▸ **TASK DIRECTIONS**: Only lines containing "fill" belong in the answer, each copied from the entries below.

▸ **RECORD SET**:
====

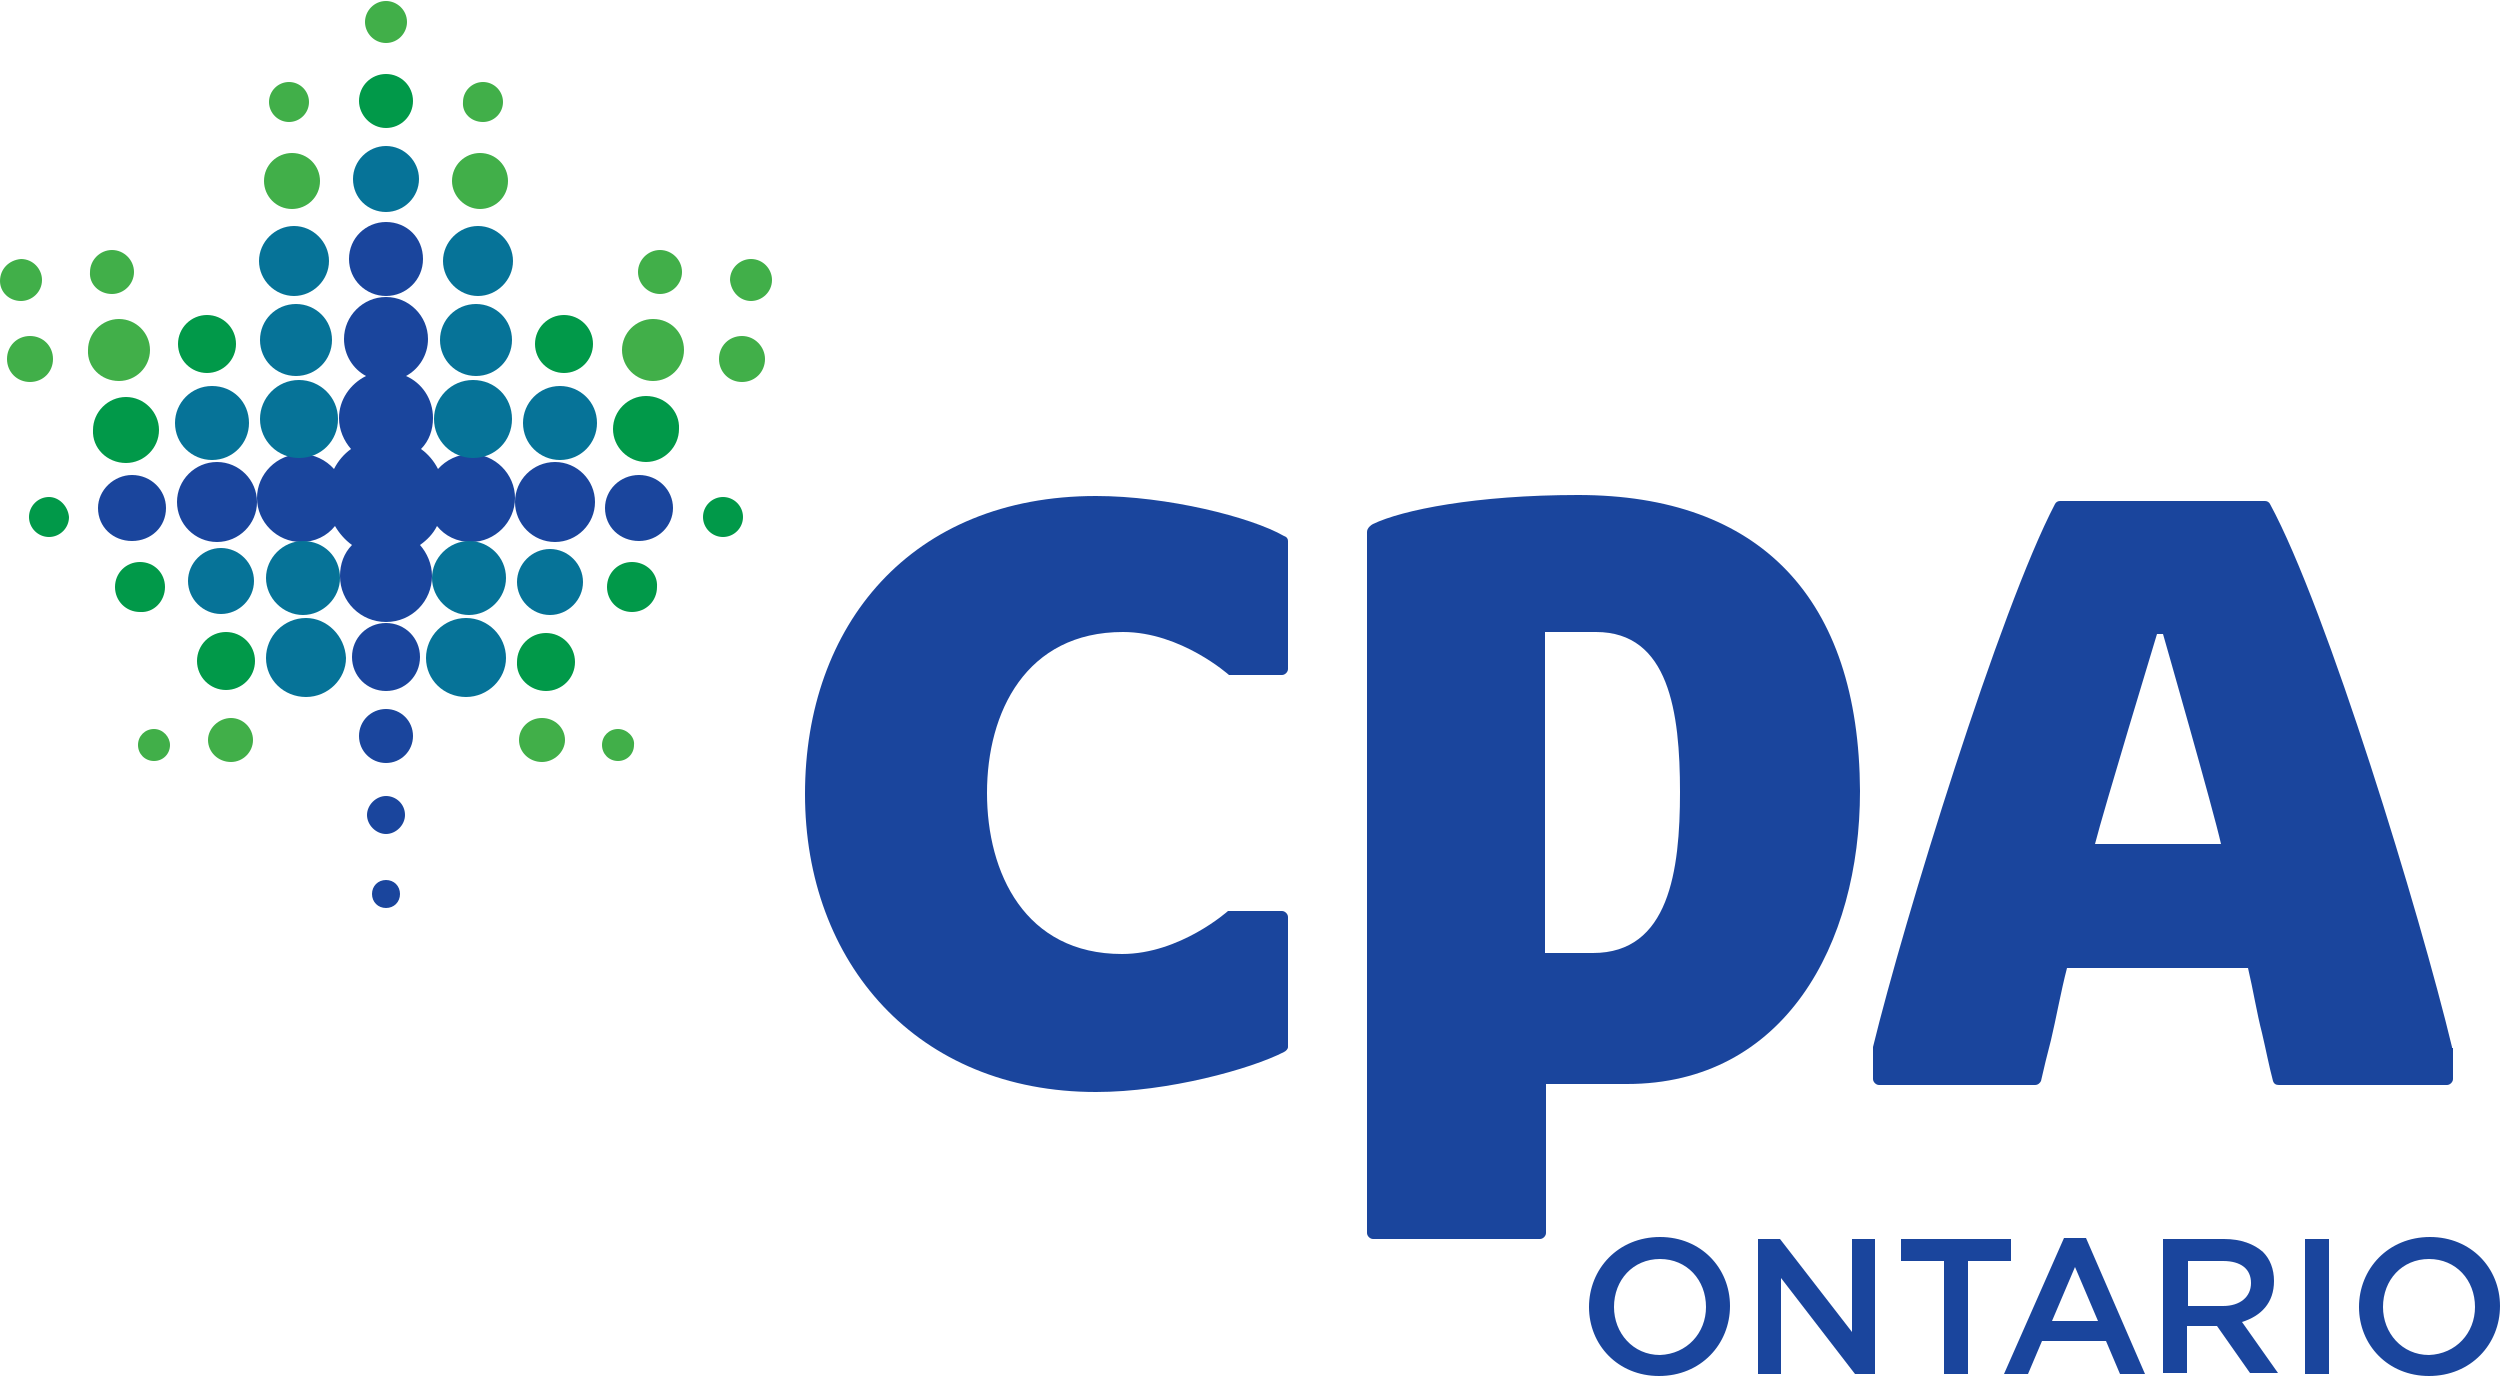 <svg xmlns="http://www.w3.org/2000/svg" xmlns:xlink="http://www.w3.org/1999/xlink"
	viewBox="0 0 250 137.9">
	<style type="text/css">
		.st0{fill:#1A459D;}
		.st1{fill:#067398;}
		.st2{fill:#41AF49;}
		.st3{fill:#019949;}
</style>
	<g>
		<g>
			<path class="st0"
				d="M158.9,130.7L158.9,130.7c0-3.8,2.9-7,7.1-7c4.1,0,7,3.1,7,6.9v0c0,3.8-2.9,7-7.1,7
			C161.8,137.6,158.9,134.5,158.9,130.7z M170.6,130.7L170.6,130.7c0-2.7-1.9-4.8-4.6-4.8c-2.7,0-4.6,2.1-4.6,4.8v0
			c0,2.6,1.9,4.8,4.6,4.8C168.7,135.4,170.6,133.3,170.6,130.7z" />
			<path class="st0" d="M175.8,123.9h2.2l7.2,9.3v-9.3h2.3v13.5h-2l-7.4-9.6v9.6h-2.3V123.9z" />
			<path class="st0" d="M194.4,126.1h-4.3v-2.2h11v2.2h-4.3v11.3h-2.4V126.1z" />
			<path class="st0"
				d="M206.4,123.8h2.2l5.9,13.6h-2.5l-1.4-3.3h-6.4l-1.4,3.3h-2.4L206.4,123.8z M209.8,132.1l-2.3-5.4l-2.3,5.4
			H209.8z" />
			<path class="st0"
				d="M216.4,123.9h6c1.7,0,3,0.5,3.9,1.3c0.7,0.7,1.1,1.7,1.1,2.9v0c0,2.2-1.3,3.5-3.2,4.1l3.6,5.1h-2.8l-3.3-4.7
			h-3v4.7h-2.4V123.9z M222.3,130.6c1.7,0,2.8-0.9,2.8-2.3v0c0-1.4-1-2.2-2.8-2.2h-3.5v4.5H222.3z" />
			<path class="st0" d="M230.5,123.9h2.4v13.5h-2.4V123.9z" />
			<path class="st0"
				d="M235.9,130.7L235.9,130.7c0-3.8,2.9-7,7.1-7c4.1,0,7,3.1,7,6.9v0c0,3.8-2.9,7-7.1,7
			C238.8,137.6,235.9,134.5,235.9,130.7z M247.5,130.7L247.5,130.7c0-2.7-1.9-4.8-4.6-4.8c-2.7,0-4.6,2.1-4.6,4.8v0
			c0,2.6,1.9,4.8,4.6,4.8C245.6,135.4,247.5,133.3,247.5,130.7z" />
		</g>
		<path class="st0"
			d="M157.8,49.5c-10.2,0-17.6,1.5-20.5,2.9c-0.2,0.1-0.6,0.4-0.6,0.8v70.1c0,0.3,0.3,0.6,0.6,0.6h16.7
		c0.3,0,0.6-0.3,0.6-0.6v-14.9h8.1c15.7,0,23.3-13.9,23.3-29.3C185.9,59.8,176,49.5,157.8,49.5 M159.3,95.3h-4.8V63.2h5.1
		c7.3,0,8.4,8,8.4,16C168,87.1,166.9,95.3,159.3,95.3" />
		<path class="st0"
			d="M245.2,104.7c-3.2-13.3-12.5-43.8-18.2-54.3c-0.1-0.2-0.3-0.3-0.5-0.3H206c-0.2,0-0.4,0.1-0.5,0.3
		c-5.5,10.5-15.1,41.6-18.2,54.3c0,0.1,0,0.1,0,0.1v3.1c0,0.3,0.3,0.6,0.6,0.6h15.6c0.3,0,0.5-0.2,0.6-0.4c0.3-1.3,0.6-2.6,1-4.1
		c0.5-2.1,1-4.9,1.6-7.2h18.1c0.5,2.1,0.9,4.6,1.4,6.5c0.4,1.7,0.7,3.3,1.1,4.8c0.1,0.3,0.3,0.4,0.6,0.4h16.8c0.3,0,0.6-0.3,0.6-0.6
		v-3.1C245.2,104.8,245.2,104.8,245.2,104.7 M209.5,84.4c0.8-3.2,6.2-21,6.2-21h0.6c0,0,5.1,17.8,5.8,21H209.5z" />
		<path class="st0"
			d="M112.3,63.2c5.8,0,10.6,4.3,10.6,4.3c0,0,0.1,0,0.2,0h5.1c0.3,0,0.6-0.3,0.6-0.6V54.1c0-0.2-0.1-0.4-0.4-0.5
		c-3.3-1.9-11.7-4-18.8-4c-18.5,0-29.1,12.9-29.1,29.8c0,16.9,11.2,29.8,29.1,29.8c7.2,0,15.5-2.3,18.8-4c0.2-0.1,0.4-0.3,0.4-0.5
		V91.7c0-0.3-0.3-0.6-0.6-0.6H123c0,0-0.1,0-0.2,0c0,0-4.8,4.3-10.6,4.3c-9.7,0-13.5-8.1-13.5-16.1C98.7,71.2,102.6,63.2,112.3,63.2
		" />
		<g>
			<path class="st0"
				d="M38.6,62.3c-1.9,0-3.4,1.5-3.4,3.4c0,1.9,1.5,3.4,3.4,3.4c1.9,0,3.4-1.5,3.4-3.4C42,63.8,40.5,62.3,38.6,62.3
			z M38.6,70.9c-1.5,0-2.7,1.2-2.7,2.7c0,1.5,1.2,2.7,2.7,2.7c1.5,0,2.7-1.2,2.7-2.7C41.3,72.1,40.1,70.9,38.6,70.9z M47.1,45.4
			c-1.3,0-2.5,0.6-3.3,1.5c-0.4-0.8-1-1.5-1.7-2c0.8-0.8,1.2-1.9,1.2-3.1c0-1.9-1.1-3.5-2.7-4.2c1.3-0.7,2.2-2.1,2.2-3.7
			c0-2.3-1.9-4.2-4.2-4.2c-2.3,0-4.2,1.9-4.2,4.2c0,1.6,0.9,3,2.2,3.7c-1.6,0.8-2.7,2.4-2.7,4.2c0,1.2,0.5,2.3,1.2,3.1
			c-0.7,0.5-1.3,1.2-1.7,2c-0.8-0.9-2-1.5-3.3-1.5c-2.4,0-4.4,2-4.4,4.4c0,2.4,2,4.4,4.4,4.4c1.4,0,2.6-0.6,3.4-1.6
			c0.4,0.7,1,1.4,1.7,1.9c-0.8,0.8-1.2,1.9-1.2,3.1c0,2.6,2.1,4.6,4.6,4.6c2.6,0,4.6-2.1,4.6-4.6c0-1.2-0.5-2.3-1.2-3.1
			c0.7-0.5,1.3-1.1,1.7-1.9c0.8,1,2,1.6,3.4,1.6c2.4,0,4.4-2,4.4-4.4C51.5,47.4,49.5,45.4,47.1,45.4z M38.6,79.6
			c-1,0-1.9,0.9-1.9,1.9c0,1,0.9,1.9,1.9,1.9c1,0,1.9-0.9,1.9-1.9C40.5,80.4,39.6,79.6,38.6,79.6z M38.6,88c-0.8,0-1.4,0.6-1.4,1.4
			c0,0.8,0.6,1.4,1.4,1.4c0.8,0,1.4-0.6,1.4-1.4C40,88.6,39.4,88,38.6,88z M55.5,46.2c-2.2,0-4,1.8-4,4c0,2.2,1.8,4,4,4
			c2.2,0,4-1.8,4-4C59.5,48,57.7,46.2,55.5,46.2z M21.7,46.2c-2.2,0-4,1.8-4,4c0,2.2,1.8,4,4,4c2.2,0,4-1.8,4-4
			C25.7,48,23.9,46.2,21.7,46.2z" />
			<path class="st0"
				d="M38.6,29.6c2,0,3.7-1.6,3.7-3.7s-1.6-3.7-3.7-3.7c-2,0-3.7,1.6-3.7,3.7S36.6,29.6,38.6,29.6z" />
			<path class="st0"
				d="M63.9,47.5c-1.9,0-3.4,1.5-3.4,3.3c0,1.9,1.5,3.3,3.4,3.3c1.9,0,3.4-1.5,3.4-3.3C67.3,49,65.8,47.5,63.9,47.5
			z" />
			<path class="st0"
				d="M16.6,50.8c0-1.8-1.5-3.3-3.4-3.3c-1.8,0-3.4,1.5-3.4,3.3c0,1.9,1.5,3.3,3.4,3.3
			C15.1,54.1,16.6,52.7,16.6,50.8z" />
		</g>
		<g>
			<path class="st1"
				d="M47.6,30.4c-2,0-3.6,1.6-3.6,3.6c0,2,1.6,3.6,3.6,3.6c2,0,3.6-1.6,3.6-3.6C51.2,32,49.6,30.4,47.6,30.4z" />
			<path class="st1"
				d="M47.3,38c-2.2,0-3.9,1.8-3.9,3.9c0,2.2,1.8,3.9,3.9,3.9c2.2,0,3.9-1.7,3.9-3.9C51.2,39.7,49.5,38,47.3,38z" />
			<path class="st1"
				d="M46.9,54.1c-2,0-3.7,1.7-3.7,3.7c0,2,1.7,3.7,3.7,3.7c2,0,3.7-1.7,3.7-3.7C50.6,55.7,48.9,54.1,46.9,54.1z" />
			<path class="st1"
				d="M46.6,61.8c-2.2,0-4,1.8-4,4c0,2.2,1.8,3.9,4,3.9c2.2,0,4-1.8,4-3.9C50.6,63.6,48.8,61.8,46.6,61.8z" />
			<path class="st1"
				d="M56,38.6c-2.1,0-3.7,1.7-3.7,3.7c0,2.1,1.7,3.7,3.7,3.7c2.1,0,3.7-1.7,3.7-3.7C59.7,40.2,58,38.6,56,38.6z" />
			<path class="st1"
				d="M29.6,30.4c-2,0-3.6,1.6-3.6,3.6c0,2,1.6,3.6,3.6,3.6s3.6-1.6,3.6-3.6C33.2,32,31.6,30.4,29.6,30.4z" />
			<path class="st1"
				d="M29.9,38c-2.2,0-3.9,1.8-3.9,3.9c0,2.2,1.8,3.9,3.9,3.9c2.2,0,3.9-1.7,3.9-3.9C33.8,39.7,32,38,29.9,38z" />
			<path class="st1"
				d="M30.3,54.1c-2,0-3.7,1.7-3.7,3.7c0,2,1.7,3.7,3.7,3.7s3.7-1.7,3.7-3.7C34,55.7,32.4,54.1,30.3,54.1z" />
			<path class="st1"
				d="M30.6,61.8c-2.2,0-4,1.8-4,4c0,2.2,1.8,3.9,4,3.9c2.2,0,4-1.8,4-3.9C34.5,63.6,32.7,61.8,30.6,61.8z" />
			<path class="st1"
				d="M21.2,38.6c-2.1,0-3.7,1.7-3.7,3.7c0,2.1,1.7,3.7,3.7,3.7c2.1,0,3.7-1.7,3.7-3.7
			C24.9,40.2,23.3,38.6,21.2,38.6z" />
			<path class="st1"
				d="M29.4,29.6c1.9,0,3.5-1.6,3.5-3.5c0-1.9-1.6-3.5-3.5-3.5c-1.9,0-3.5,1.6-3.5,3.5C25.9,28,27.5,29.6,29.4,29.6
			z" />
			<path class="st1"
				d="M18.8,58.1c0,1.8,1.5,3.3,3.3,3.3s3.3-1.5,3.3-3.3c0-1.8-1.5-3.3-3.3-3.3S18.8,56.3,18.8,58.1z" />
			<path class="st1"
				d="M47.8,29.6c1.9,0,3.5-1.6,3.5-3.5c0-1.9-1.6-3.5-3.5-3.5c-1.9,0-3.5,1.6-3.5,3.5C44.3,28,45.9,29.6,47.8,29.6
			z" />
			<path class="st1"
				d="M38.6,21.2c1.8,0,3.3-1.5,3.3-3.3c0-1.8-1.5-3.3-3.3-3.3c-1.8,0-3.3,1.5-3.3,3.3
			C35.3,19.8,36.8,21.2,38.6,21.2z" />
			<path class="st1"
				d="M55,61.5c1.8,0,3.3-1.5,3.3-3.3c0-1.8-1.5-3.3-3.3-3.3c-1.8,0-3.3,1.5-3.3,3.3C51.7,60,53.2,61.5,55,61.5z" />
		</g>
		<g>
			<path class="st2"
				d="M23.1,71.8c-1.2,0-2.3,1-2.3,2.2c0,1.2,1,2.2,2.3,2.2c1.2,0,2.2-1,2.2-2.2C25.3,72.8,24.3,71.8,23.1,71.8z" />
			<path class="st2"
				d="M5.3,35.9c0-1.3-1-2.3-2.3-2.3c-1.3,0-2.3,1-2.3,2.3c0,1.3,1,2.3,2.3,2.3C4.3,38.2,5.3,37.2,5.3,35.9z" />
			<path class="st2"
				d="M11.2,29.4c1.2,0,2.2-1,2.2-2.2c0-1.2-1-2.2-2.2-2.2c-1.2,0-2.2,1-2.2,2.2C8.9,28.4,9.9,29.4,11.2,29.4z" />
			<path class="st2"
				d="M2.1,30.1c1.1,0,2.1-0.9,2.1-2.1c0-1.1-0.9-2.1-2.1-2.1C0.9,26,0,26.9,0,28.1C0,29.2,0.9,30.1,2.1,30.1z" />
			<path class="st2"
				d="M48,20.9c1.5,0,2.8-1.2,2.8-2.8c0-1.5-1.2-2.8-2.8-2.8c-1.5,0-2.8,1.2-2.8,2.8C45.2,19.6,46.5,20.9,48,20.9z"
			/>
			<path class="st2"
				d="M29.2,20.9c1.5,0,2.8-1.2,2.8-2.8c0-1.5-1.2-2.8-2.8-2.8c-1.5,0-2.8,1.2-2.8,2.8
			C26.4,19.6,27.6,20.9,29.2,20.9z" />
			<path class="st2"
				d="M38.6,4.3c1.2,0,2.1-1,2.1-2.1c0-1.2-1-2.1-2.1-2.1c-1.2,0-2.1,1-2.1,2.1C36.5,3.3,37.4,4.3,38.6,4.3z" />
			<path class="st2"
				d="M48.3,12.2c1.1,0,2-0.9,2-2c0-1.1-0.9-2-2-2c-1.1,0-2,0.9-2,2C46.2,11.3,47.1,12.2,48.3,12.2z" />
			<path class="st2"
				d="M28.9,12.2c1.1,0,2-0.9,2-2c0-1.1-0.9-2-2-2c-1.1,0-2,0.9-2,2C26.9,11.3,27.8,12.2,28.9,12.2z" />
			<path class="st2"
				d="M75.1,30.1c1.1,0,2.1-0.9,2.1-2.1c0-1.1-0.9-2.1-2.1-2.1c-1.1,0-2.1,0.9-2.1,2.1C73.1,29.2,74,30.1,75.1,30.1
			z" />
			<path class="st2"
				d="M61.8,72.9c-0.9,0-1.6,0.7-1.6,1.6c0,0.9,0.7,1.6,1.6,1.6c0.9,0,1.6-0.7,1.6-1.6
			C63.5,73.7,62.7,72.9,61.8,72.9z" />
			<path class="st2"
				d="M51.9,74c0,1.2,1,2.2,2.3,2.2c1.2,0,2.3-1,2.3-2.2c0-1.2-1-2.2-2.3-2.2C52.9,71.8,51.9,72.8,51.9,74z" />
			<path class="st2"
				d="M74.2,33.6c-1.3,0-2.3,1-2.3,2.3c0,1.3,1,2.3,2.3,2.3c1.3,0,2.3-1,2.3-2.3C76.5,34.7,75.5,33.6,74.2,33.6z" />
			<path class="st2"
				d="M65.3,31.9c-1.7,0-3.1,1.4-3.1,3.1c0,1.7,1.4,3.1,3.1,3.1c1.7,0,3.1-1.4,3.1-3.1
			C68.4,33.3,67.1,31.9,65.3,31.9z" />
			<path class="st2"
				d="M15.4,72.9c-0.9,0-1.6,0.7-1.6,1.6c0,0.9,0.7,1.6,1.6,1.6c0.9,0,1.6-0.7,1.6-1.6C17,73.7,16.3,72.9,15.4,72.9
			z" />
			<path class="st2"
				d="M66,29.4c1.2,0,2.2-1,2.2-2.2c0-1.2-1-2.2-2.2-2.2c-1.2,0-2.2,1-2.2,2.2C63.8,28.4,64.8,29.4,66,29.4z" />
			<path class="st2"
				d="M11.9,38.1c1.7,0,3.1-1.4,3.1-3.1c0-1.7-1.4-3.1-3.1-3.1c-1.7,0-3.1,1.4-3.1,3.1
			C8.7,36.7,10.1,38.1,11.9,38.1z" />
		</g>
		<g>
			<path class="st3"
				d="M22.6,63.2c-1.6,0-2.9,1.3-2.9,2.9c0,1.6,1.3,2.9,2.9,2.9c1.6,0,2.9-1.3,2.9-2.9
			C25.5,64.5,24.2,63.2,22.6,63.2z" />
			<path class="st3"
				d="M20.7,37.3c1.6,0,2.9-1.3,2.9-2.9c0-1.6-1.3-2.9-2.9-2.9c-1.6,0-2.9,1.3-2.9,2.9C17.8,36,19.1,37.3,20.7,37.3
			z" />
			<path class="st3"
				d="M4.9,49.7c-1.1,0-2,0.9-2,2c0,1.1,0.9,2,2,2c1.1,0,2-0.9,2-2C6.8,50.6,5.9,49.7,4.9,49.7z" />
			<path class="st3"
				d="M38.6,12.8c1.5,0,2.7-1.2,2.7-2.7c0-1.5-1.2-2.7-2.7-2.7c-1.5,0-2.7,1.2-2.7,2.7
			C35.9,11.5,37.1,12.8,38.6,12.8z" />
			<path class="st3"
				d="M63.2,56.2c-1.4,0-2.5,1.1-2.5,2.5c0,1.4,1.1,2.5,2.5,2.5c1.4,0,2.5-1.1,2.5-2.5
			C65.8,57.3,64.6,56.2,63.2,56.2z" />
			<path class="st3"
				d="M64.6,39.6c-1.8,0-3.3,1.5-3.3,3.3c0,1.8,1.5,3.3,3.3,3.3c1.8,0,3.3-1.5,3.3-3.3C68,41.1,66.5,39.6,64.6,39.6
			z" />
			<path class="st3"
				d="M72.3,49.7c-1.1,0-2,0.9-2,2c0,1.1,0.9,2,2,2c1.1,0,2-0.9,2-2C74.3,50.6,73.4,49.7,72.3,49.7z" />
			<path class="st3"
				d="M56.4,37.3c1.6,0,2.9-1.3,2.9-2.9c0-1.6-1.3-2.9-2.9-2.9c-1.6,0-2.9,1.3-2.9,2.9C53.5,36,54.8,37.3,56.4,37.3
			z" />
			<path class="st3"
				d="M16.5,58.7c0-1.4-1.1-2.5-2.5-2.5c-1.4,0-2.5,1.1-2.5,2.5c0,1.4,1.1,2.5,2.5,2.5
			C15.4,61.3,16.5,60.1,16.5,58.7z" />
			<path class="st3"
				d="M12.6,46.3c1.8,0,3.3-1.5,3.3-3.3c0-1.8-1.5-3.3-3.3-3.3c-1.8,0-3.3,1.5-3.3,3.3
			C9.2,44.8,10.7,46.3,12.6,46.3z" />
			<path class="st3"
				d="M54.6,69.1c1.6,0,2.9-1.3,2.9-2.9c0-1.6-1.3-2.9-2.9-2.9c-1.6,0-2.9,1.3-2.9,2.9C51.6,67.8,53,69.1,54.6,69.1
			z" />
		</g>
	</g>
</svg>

====

▸ **SOLUTION TO THE EXERCISE**:
		.st0{fill:#1A459D;}
		.st1{fill:#067398;}
		.st2{fill:#41AF49;}
		.st3{fill:#019949;}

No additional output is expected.